● **Work instruction**
Tally the lines below that contain "rocks" and reply with only the tally.

===

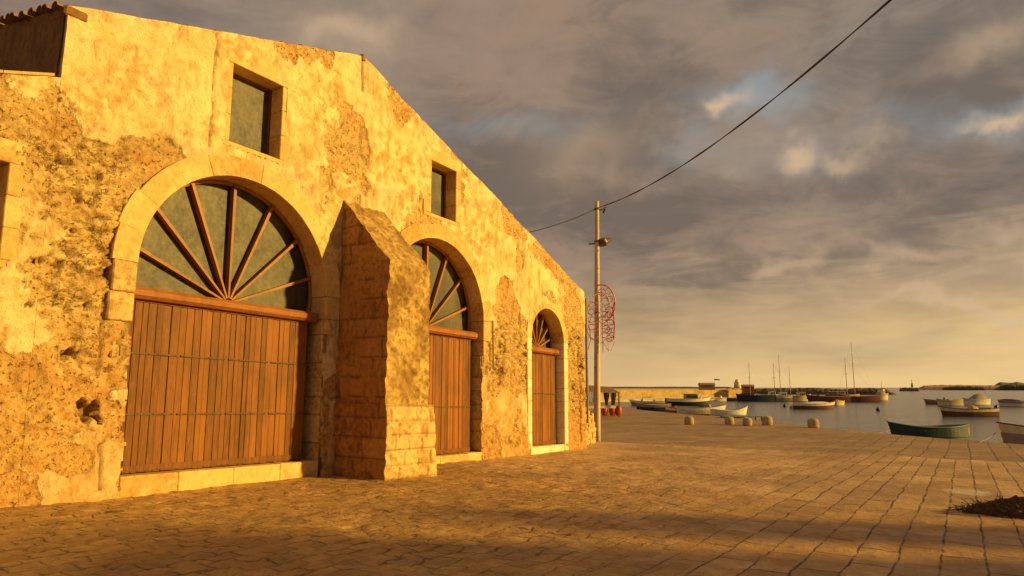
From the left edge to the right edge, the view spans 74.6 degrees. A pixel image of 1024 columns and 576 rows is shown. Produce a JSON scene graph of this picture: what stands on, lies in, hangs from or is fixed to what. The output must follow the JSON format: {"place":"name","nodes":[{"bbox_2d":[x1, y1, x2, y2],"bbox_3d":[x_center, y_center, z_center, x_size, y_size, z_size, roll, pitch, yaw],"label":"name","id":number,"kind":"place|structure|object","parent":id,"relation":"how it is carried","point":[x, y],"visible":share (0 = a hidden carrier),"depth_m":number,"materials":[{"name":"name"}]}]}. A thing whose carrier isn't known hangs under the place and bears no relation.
{"place":"outdoors","nodes":[
{"label":"outdoors","id":0,"kind":"place"},
{"bbox_2d":[0,401,1023,575],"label":"plaza ground","id":1,"kind":"structure","parent":0,"point":[634,492],"depth_m":9.45,"materials":[{"name":"stone"}]},
{"bbox_2d":[104,510,123,513],"bbox_3d":[-5.590,3.121,9.305,0.281,0.052,0.437,-6,-10,33],"label":"flat stone","id":2,"kind":"object","parent":1,"relation":"on","point":[111,511],"visible":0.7,"depth_m":9.32,"materials":[{"name":"beige stone"}]},
{"bbox_2d":[0,1,588,507],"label":"warehouse","id":3,"kind":"structure","parent":1,"relation":"on","point":[230,259],"depth_m":13.42,"materials":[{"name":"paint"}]},
{"bbox_2d":[0,137,26,283],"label":"window","id":4,"kind":"structure","parent":3,"relation":"in","point":[11,174],"depth_m":9.94,"materials":[{"name":"stone"}]},
{"bbox_2d":[120,299,307,473],"bbox_3d":[-5.520,1.875,12.852,0.084,3.099,3.850,-6,-10,33],"label":"door","id":5,"kind":"structure","parent":3,"relation":"in","point":[207,387],"depth_m":12.61,"materials":[{"name":"brown wood"}]},
{"bbox_2d":[136,180,311,311],"bbox_3d":[-5.633,-0.897,13.477,0.140,2.521,4.160,-6,-10,33],"label":"fan window","id":6,"kind":"structure","parent":3,"relation":"in","point":[219,239],"depth_m":13.39,"materials":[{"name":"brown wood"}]},
{"bbox_2d":[224,55,289,165],"bbox_3d":[-5.378,-3.686,13.786,0.438,2.095,1.724,-6,-10,33],"label":"window","id":7,"kind":"structure","parent":3,"relation":"in","point":[256,109],"depth_m":14.05,"materials":[{"name":"stone"}]},
{"bbox_2d":[410,240,469,330],"bbox_3d":[-2.358,-0.103,18.381,0.140,2.439,4.060,-6,-10,33],"label":"fan window","id":8,"kind":"structure","parent":3,"relation":"in","point":[449,307],"depth_m":19.09,"materials":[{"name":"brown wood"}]},
{"bbox_2d":[423,147,460,226],"bbox_3d":[-2.081,-2.781,18.707,0.439,1.962,1.599,-6,-10,33],"label":"window","id":9,"kind":"structure","parent":3,"relation":"in","point":[442,201],"depth_m":19.03,"materials":[{"name":"stone"}]},
{"bbox_2d":[428,333,470,454],"bbox_3d":[-2.244,2.760,17.743,0.084,3.356,3.750,-6,-10,33],"label":"door","id":10,"kind":"structure","parent":3,"relation":"in","point":[449,356],"depth_m":18.53,"materials":[{"name":"brown wood"}]},
{"bbox_2d":[531,312,551,348],"bbox_3d":[0.805,1.395,23.008,0.140,1.371,2.188,-6,-10,33],"label":"fan window","id":11,"kind":"structure","parent":3,"relation":"in","point":[541,333],"depth_m":23.34,"materials":[{"name":"brown wood"}]},
{"bbox_2d":[531,352,556,445],"bbox_3d":[0.957,3.683,22.514,0.084,3.150,2.020,-6,-10,33],"label":"door","id":12,"kind":"structure","parent":3,"relation":"in","point":[543,365],"depth_m":22.65,"materials":[{"name":"brown wood"}]},
{"bbox_2d":[586,411,595,444],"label":"rubble wall","id":13,"kind":"structure","parent":1,"relation":"on","point":[591,433],"depth_m":27.82,"materials":[{"name":"stone"}]},
{"bbox_2d":[589,201,611,441],"bbox_3d":[4.119,1.468,30.832,1.044,11.204,0.504,-2,-9,16],"label":"utility pole","id":14,"kind":"object","parent":1,"relation":"on","point":[602,242],"visible":0.95,"depth_m":30.69,"materials":[{"name":"wood"}]},
{"bbox_2d":[529,209,593,232],"bbox_3d":[1.927,-2.741,27.495,0.044,3.083,8.729,-4,-9,26],"label":"power cable","id":15,"kind":"object","parent":14,"relation":"attached to","point":[560,223],"visible":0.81,"depth_m":27.52,"materials":[{"name":"black rubber"}]},
{"bbox_2d":[587,284,615,352],"bbox_3d":[4.041,1.374,30.619,1.420,3.134,0.062,0,-8,0],"label":"festival light frame","id":16,"kind":"object","parent":14,"relation":"attached to","point":[602,316],"visible":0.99,"depth_m":30.61,"materials":[{"name":"red metal"}]},
{"bbox_2d":[599,0,891,207],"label":"power cable","id":17,"kind":"object","parent":14,"relation":"attached to","point":[833,49],"visible":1,"depth_m":16.91,"materials":[{"name":"black rubber"}]},
{"bbox_2d":[585,385,619,416],"bbox_3d":[7.933,10.175,60.675,3.150,2.770,2.600,1,-8,-8],"label":"kiosk","id":18,"kind":"object","parent":1,"relation":"on","point":[605,389],"visible":0.55,"depth_m":59.83,"materials":[{"name":"brown wood"}]},
{"bbox_2d":[601,408,607,414],"bbox_3d":[8.532,11.324,62.057,0.643,0.860,0.660,-6,-10,33],"label":"red pot","id":19,"kind":"object","parent":1,"relation":"on","point":[604,411],"visible":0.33,"depth_m":61.80,"materials":[{"name":"red plastic"}]},
{"bbox_2d":[603,393,609,404],"bbox_3d":[8.947,10.824,63.600,0.630,2.300,0.557,-6,-10,33],"label":"folded parasol","id":20,"kind":"object","parent":1,"relation":"on","point":[606,397],"visible":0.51,"depth_m":63.49,"materials":[{"name":"fabric"}]},
{"bbox_2d":[609,408,615,414],"bbox_3d":[9.270,11.324,62.057,0.644,0.860,0.660,-6,-10,33],"label":"red pot","id":21,"kind":"object","parent":1,"relation":"on","point":[612,411],"visible":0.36,"depth_m":61.80,"materials":[{"name":"red plastic"}]},
{"bbox_2d":[610,393,616,404],"bbox_3d":[9.606,10.825,63.605,0.567,2.300,0.549,-6,-10,33],"label":"folded parasol","id":22,"kind":"object","parent":1,"relation":"on","point":[613,398],"visible":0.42,"depth_m":63.48,"materials":[{"name":"fabric"}]},
{"bbox_2d":[616,406,621,414],"bbox_3d":[9.831,11.324,62.057,0.643,0.860,0.660,-6,-10,33],"label":"red pot","id":23,"kind":"object","parent":1,"relation":"on","point":[617,410],"visible":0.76,"depth_m":61.83,"materials":[{"name":"red ceramic"}]},
{"bbox_2d":[684,416,693,424],"bbox_3d":[12.619,9.429,47.886,0.684,0.580,0.662,0,-8,2],"label":"stone bollard","id":24,"kind":"object","parent":1,"relation":"on","point":[688,420],"visible":1,"depth_m":47.64,"materials":[{"name":"beige stone"}]},
{"bbox_2d":[725,417,733,424],"bbox_3d":[15.499,9.440,47.880,0.656,0.551,0.651,3,-9,-19],"label":"stone bollard","id":25,"kind":"object","parent":1,"relation":"on","point":[729,420],"visible":1,"depth_m":47.63,"materials":[{"name":"beige stone"}]},
{"bbox_2d":[743,418,751,425],"bbox_3d":[16.205,9.207,46.266,0.635,0.539,0.625,0,-8,-1],"label":"stone bollard","id":26,"kind":"object","parent":1,"relation":"on","point":[747,421],"visible":1,"depth_m":46.03,"materials":[{"name":"beige stone"}]},
{"bbox_2d":[762,416,772,424],"bbox_3d":[17.874,9.288,47.063,0.737,0.626,0.719,-1,-8,4],"label":"stone bollard","id":27,"kind":"object","parent":1,"relation":"on","point":[767,420],"visible":0.96,"depth_m":46.79,"materials":[{"name":"beige stone"}]},
{"bbox_2d":[807,418,818,427],"bbox_3d":[19.738,8.848,44.032,0.723,0.609,0.717,-2,-9,14],"label":"stone bollard","id":28,"kind":"object","parent":1,"relation":"on","point":[812,422],"visible":0.99,"depth_m":43.77,"materials":[{"name":"beige stone"}]},
{"bbox_2d":[945,494,1023,518],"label":"net heap","id":29,"kind":"object","parent":1,"relation":"on","point":[1011,507],"visible":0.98,"depth_m":10.29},
{"bbox_2d":[0,0,1023,387],"label":"sky","id":30,"kind":"structure","parent":0,"point":[875,204],"materials":[{"name":"grey"}]},
{"bbox_2d":[612,387,731,387],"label":"distant shore","id":31,"kind":"structure","parent":0,"point":[666,387],"depth_m":1937.30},
{"bbox_2d":[734,379,740,387],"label":"beacon tower","id":32,"kind":"structure","parent":0,"point":[737,384],"depth_m":182.71,"materials":[{"name":"stone"}]},
{"bbox_2d":[585,388,1023,442],"bbox_3d":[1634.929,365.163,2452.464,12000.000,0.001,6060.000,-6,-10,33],"label":"sea water","id":33,"kind":"structure","parent":0,"point":[908,408],"depth_m":83.23,"materials":[{"name":"grey liquid"}]},
{"bbox_2d":[630,398,664,404],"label":"rowing boat","id":34,"kind":"object","parent":33,"relation":"on","point":[643,401],"visible":0.59,"depth_m":116.70,"materials":[{"name":"paint"}]},
{"bbox_2d":[635,402,670,410],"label":"rowing boat","id":35,"kind":"object","parent":33,"relation":"on","point":[652,407],"visible":0.71,"depth_m":88.23,"materials":[{"name":"blue paint"}]},
{"bbox_2d":[592,397,726,401],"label":"pier ledge","id":36,"kind":"object","parent":33,"relation":"in","point":[663,399],"visible":0.42,"depth_m":145.72,"materials":[{"name":"stone"}]},
{"bbox_2d":[593,389,741,397],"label":"pier wall","id":37,"kind":"structure","parent":33,"relation":"in","point":[654,393],"depth_m":168.16,"materials":[{"name":"stone"}]},
{"bbox_2d":[698,383,715,389],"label":"harbour hut","id":38,"kind":"object","parent":37,"relation":"on","point":[706,386],"visible":1,"depth_m":162.64,"materials":[{"name":"brown wood"}]},
{"bbox_2d":[665,406,676,412],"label":"dinghy","id":39,"kind":"object","parent":33,"relation":"on","point":[670,410],"visible":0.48,"depth_m":74.78,"materials":[{"name":"red paint"}]},
{"bbox_2d":[665,394,710,405],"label":"motorboat","id":40,"kind":"object","parent":33,"relation":"on","point":[691,400],"visible":0.9,"depth_m":112.59,"materials":[{"name":"white paint"}]},
{"bbox_2d":[675,404,725,415],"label":"rowing boat","id":41,"kind":"object","parent":33,"relation":"on","point":[702,410],"visible":0.84,"depth_m":73.91,"materials":[{"name":"beige paint"}]},
{"bbox_2d":[709,406,747,415],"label":"rowing boat","id":42,"kind":"object","parent":33,"relation":"on","point":[739,411],"visible":0.94,"depth_m":72.34,"materials":[{"name":"white paint"}]},
{"bbox_2d":[719,396,737,400],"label":"rowing boat","id":43,"kind":"object","parent":33,"relation":"on","point":[732,399],"visible":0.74,"depth_m":152.33,"materials":[{"name":"black paint"}]},
{"bbox_2d":[720,415,762,420],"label":"jetty","id":44,"kind":"object","parent":33,"relation":"in","point":[744,416],"visible":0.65,"depth_m":58.16,"materials":[{"name":"grey paint"}]},
{"bbox_2d":[735,373,775,400],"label":"fishing boat","id":45,"kind":"object","parent":33,"relation":"on","point":[745,397],"visible":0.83,"depth_m":148.69,"materials":[{"name":"blue paint"}]},
{"bbox_2d":[741,384,753,394],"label":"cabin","id":46,"kind":"object","parent":45,"relation":"attached to","point":[746,388],"visible":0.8,"depth_m":172.84,"materials":[{"name":"paint"}]},
{"bbox_2d":[755,391,777,394],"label":"fishing boat","id":47,"kind":"object","parent":33,"relation":"on","point":[770,392],"visible":0.3,"depth_m":172.73,"materials":[{"name":"beige paint"}]},
{"bbox_2d":[769,354,792,400],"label":"fishing boat","id":48,"kind":"object","parent":33,"relation":"on","point":[781,396],"visible":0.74,"depth_m":148.98,"materials":[{"name":"grey paint"}]},
{"bbox_2d":[787,373,810,400],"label":"fishing boat","id":49,"kind":"object","parent":33,"relation":"on","point":[800,396],"visible":0.73,"depth_m":148.86,"materials":[{"name":"beige paint"}]},
{"bbox_2d":[727,388,896,394],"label":"breakwater rocks","id":50,"kind":"object","parent":33,"relation":"in","point":[872,391],"visible":0.48,"depth_m":299.14,"materials":[{"name":"brown stone"}]},
{"bbox_2d":[789,402,834,408],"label":"rowing boat","id":51,"kind":"object","parent":33,"relation":"on","point":[817,405],"visible":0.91,"depth_m":96.06,"materials":[{"name":"paint"}]},
{"bbox_2d":[805,391,852,401],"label":"fishing boat","id":52,"kind":"object","parent":33,"relation":"on","point":[830,396],"visible":0.86,"depth_m":142.15,"materials":[{"name":"paint"}]},
{"bbox_2d":[834,400,844,404],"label":"dinghy","id":53,"kind":"object","parent":33,"relation":"on","point":[838,402],"visible":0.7,"depth_m":116.54,"materials":[{"name":"beige paint"}]},
{"bbox_2d":[835,390,859,395],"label":"fishing boat","id":54,"kind":"object","parent":33,"relation":"on","point":[841,392],"visible":0.29,"depth_m":168.15,"materials":[{"name":"grey paint"}]},
{"bbox_2d":[838,343,879,401],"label":"fishing boat","id":55,"kind":"object","parent":33,"relation":"on","point":[875,398],"visible":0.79,"depth_m":142.11,"materials":[{"name":"paint"}]},
{"bbox_2d":[876,384,887,399],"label":"fishing boat","id":56,"kind":"object","parent":33,"relation":"on","point":[881,394],"visible":0.76,"depth_m":163.78,"materials":[{"name":"beige paint"}]},
{"bbox_2d":[899,387,918,390],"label":"breakwater rocks","id":57,"kind":"object","parent":33,"relation":"in","point":[908,389],"visible":0.81,"depth_m":532.43,"materials":[{"name":"stone"}]},
{"bbox_2d":[886,421,969,437],"bbox_3d":[26.195,8.915,42.249,5.538,1.101,1.770,1,-8,-6],"label":"rowing boat","id":58,"kind":"object","parent":33,"relation":"on","point":[947,431],"visible":0.85,"depth_m":41.63,"materials":[{"name":"teal paint"}]},
{"bbox_2d":[924,397,946,403],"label":"rowing boat","id":59,"kind":"object","parent":33,"relation":"on","point":[928,401],"visible":0.34,"depth_m":123.85,"materials":[{"name":"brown wood"}]},
{"bbox_2d":[936,398,962,405],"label":"rowing boat","id":60,"kind":"object","parent":33,"relation":"on","point":[949,402],"visible":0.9,"depth_m":112.88,"materials":[{"name":"beige paint"}]},
{"bbox_2d":[938,405,999,415],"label":"motorboat","id":61,"kind":"object","parent":33,"relation":"on","point":[971,410],"visible":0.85,"depth_m":72.45,"materials":[{"name":"paint"}]},
{"bbox_2d":[962,394,990,404],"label":"rowing boat","id":62,"kind":"object","parent":33,"relation":"on","point":[977,399],"visible":0.9,"depth_m":119.04,"materials":[{"name":"white paint"}]},
{"bbox_2d":[996,422,1023,444],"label":"rowing boat","id":63,"kind":"object","parent":33,"relation":"on","point":[1012,433],"visible":0.7,"depth_m":35.64,"materials":[{"name":"grey paint"}]},
{"bbox_2d":[997,399,1023,406],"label":"rowing boat","id":64,"kind":"object","parent":33,"relation":"on","point":[1011,402],"visible":0.89,"depth_m":109.12,"materials":[{"name":"beige paint"}]},
{"bbox_2d":[919,385,999,389],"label":"shore","id":65,"kind":"structure","parent":0,"point":[940,387],"depth_m":760.31,"materials":[{"name":"stone"}]},
{"bbox_2d":[995,384,1023,389],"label":"shore","id":66,"kind":"structure","parent":0,"point":[1010,387],"depth_m":688.13,"materials":[{"name":"plant"}]},
{"bbox_2d":[996,382,1023,385],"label":"distant hill","id":67,"kind":"structure","parent":0,"point":[1014,383],"depth_m":2140.30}
]}

===

● **Result of this exercise**
2